Work order: Reproduce, exactly, the lines of the material below from the line containing "བ༑ དེ་ཡང་གཙོ་བ" through the line containing "སྒེར་ཀུན་ལ་དགའ", with both end lines included and nothing else.

Materials provided:

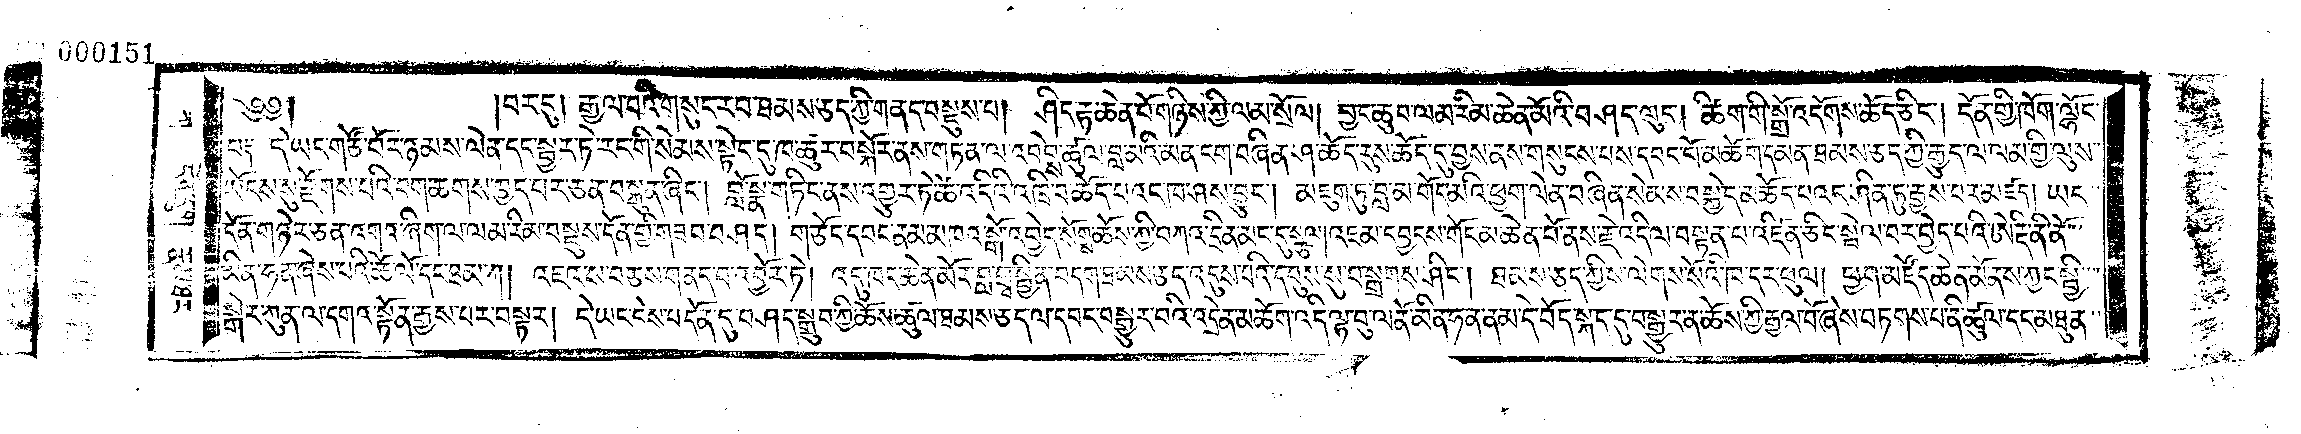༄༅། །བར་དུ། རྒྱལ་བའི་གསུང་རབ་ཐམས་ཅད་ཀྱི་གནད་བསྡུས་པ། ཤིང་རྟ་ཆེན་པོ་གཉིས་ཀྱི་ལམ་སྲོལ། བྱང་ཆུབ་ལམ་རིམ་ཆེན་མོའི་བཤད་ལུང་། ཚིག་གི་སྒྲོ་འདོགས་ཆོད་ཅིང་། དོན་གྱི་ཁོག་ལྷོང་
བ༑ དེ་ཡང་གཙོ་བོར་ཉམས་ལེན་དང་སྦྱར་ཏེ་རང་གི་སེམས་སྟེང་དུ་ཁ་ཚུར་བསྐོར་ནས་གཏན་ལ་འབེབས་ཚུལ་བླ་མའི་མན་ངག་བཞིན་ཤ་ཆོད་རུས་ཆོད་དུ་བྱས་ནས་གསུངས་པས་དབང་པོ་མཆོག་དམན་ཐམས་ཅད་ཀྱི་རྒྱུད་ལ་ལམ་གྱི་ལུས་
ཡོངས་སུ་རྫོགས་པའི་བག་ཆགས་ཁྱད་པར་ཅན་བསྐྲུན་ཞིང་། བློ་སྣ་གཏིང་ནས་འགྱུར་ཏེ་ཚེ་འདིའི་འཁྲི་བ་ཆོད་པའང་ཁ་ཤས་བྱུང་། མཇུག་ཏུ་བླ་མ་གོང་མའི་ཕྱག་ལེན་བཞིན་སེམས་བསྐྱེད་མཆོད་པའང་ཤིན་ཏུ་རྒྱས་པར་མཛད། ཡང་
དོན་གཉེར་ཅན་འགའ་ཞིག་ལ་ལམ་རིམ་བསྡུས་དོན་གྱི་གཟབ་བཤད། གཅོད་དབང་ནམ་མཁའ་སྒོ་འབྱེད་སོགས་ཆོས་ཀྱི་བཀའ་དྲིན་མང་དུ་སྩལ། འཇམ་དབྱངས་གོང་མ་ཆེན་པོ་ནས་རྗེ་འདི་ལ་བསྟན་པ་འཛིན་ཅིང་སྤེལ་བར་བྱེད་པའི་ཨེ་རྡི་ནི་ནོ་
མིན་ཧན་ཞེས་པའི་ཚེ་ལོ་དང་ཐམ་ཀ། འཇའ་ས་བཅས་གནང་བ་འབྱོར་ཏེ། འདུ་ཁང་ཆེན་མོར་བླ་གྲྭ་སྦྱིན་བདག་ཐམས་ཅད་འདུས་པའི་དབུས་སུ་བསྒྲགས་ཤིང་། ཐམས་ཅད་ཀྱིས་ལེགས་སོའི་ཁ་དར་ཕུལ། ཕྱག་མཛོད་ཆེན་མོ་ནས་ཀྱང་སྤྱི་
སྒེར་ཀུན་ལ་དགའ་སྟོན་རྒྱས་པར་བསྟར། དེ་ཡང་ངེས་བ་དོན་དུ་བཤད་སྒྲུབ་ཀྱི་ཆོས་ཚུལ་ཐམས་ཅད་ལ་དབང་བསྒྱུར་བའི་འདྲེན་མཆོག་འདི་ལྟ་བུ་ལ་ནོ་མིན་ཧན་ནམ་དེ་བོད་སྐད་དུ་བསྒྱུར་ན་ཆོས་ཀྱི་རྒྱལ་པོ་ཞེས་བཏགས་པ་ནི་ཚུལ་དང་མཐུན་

==

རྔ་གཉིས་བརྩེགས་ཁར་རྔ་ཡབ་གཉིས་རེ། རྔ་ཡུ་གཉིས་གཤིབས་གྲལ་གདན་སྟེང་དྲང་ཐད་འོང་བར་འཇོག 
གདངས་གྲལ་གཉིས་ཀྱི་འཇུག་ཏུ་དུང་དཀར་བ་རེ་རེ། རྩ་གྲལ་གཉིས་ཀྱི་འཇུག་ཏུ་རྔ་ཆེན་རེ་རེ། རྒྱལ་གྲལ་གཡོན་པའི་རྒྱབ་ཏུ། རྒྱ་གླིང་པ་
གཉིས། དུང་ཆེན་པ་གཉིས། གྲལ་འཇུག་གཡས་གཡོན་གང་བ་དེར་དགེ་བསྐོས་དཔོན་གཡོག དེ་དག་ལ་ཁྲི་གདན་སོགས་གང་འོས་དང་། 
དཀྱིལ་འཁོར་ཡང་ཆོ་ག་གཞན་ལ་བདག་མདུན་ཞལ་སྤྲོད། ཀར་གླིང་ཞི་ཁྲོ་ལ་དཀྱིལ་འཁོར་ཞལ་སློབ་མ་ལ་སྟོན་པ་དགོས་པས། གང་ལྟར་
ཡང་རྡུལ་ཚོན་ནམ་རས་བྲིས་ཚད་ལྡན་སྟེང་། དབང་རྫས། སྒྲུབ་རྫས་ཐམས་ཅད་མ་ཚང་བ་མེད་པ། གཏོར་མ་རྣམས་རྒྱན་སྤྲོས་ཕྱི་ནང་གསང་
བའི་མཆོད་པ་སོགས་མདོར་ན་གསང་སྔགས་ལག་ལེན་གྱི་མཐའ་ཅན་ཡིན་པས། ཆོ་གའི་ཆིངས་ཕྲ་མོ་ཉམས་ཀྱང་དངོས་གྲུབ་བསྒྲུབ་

==

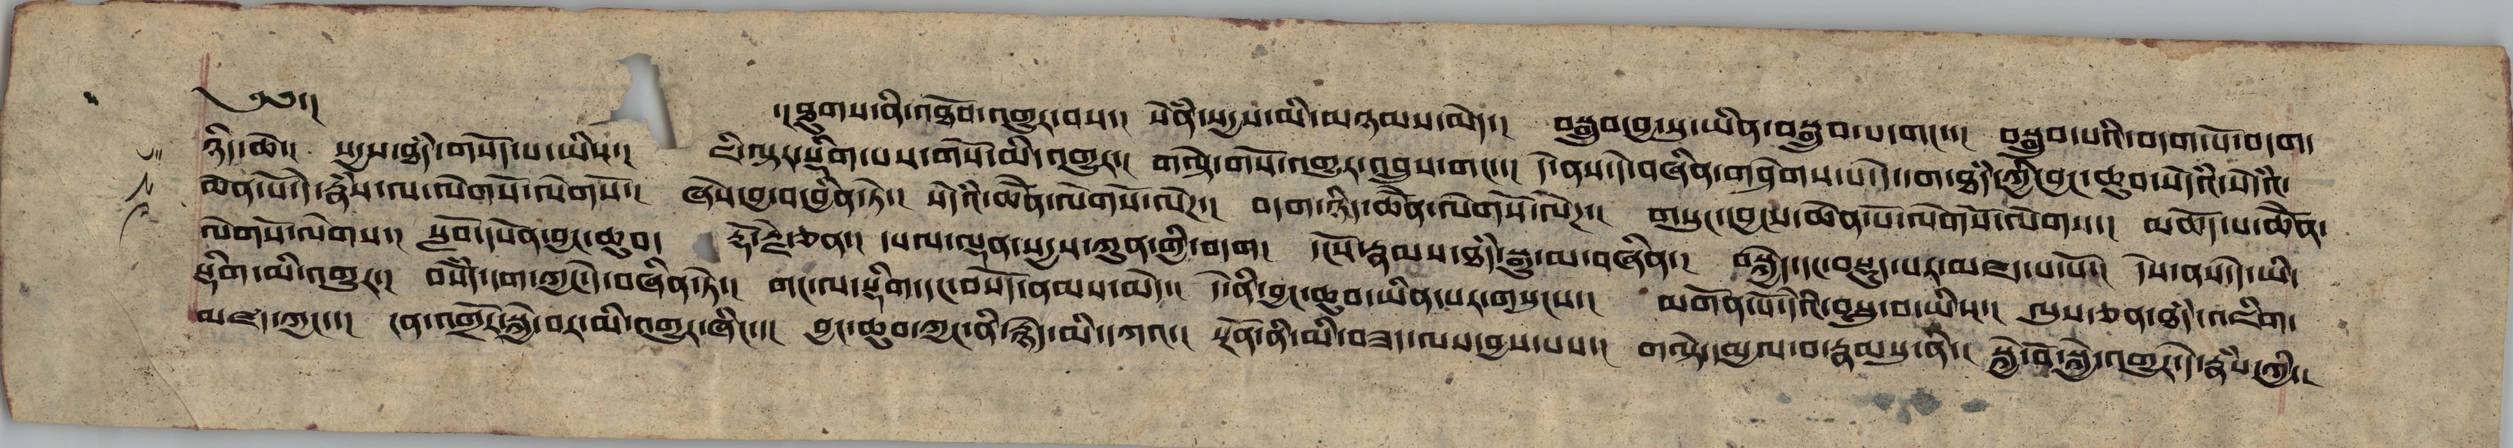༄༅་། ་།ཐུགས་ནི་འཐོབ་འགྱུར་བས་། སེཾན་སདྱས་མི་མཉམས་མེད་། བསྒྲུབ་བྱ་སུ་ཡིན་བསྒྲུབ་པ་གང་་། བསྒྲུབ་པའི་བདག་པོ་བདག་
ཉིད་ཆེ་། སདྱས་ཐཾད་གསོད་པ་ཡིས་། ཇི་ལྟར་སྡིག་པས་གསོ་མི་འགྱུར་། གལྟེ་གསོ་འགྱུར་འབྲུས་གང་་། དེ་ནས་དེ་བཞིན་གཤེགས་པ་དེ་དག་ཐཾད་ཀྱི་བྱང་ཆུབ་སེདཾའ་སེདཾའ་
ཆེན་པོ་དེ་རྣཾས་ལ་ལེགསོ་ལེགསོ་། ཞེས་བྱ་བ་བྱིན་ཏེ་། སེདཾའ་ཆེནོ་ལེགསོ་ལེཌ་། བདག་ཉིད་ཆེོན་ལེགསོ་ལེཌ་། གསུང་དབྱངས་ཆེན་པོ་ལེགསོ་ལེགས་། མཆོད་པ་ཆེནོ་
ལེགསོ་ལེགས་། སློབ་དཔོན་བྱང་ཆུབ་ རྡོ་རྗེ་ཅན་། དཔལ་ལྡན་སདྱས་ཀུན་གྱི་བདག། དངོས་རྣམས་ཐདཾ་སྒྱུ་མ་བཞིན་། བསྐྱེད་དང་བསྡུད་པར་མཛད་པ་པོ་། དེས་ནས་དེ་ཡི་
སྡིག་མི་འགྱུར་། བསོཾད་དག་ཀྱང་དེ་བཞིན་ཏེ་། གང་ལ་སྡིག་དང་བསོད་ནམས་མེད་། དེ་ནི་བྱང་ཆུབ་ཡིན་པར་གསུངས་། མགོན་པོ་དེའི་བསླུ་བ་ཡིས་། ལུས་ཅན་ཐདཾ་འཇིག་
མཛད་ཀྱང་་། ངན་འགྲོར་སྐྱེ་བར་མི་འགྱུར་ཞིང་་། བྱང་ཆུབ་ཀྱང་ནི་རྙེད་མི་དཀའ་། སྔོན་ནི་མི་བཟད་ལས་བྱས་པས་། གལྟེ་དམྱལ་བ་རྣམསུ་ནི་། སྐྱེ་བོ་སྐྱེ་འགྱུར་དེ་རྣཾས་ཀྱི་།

Output below:
བ༑ དེ་ཡང་གཙོ་བོར་ཉམས་ལེན་དང་སྦྱར་ཏེ་རང་གི་སེམས་སྟེང་དུ་ཁ་ཚུར་བསྐོར་ནས་གཏན་ལ་འབེབས་ཚུལ་བླ་མའི་མན་ངག་བཞིན་ཤ་ཆོད་རུས་ཆོད་དུ་བྱས་ནས་གསུངས་པས་དབང་པོ་མཆོག་དམན་ཐམས་ཅད་ཀྱི་རྒྱུད་ལ་ལམ་གྱི་ལུས་
ཡོངས་སུ་རྫོགས་པའི་བག་ཆགས་ཁྱད་པར་ཅན་བསྐྲུན་ཞིང་། བློ་སྣ་གཏིང་ནས་འགྱུར་ཏེ་ཚེ་འདིའི་འཁྲི་བ་ཆོད་པའང་ཁ་ཤས་བྱུང་། མཇུག་ཏུ་བླ་མ་གོང་མའི་ཕྱག་ལེན་བཞིན་སེམས་བསྐྱེད་མཆོད་པའང་ཤིན་ཏུ་རྒྱས་པར་མཛད། ཡང་
དོན་གཉེར་ཅན་འགའ་ཞིག་ལ་ལམ་རིམ་བསྡུས་དོན་གྱི་གཟབ་བཤད། གཅོད་དབང་ནམ་མཁའ་སྒོ་འབྱེད་སོགས་ཆོས་ཀྱི་བཀའ་དྲིན་མང་དུ་སྩལ། འཇམ་དབྱངས་གོང་མ་ཆེན་པོ་ནས་རྗེ་འདི་ལ་བསྟན་པ་འཛིན་ཅིང་སྤེལ་བར་བྱེད་པའི་ཨེ་རྡི་ནི་ནོ་
མིན་ཧན་ཞེས་པའི་ཚེ་ལོ་དང་ཐམ་ཀ། འཇའ་ས་བཅས་གནང་བ་འབྱོར་ཏེ། འདུ་ཁང་ཆེན་མོར་བླ་གྲྭ་སྦྱིན་བདག་ཐམས་ཅད་འདུས་པའི་དབུས་སུ་བསྒྲགས་ཤིང་། ཐམས་ཅད་ཀྱིས་ལེགས་སོའི་ཁ་དར་ཕུལ། ཕྱག་མཛོད་ཆེན་མོ་ནས་ཀྱང་སྤྱི་
སྒེར་ཀུན་ལ་དགའ་སྟོན་རྒྱས་པར་བསྟར། དེ་ཡང་ངེས་བ་དོན་དུ་བཤད་སྒྲུབ་ཀྱི་ཆོས་ཚུལ་ཐམས་ཅད་ལ་དབང་བསྒྱུར་བའི་འདྲེན་མཆོག་འདི་ལྟ་བུ་ལ་ནོ་མིན་ཧན་ནམ་དེ་བོད་སྐད་དུ་བསྒྱུར་ན་ཆོས་ཀྱི་རྒྱལ་པོ་ཞེས་བཏགས་པ་ནི་ཚུལ་དང་མཐུན་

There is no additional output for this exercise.